MySQL/MariaDB Unicode Issues

TLDR: use utf8mb4 as the character set for tables because utf8 is broken in MySQL.

Recently while attempting to load the Unihan character database into a MySQL database using Django, but I found that I was getting encoding errors. To cut a long story short, it turns out that in MySQL, the character encoding utf8 != utf8!

The long version of the story is that when creating the database, I had used the default “utf8” encoding, thinking that this would enable the full use of unicode. Unfortunately this is not the case, as in MySQL “utf8” does not fully implemnet UTF8.

The solution to this problem is to use the “utf8mb4” encoding instead.

CREATE DATABASE blog CHARACTER SET utf8mb4;

But this is not enough, you also need to inform Django to use utf8mb4 when connecting to MySQL. To do this add the following to Django database options

'OPTIONS': {'charset': 'utf8mb4'},

One more problem happened, I had set the “hanzi” field to be unique but then part way though loading in the data, the script returned a “duplicate entry” error for hanzi field (this was for the 𠀁 character). This is due to the collation settings for MySQL, which sets the rules MySQL uses for comparing characters.

The collation setting I needed is utf8mb4_bin, which compares the bytes of the character.

I did not want to change the collation setting for the whole database, as this could break other things. So I decided to just change that column. This means I needed to create a custom migration in Django.

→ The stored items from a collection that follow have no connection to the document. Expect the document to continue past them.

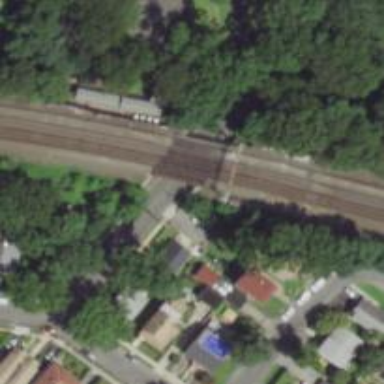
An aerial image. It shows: Railway bridge with electrified rails.
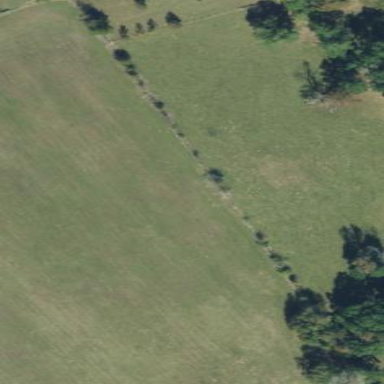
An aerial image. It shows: Pasture area used as meadow.
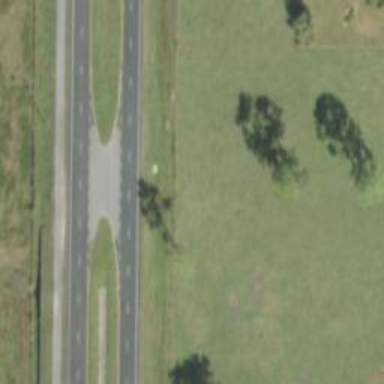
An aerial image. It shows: Asphalt road classified as primary highway.
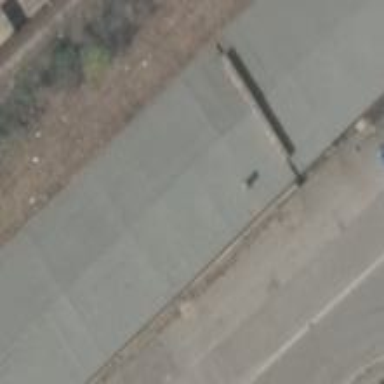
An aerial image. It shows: Shed.
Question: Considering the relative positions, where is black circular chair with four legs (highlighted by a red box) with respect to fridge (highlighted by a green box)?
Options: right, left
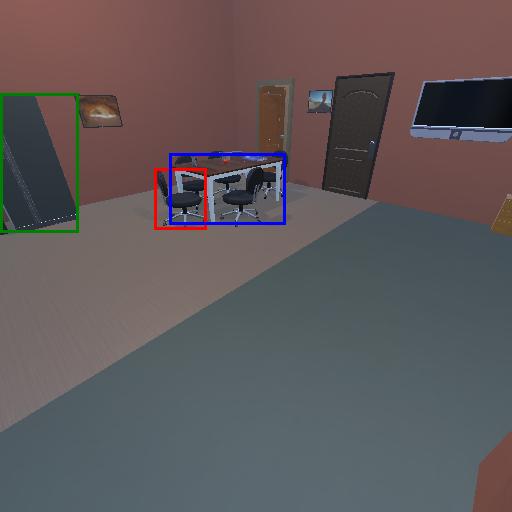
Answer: right

The first step is to create an empty migration.

python3 manage.py makemigrations --empty zhongwen

Then add the following code to the list of operations to run for that migration.

migrations.RunSQL(
    'ALTER TABLE `zhongwen_hanzi` CHANGE `hanzi` `hanzi` VARCHAR(1) CHARACTER SET utf8mb4 COLLATE utf8mb4_bin NOT NULL;'
)

Then we can run the migration, and it will change the hanzi field to use utf8mb4_bin for the collation.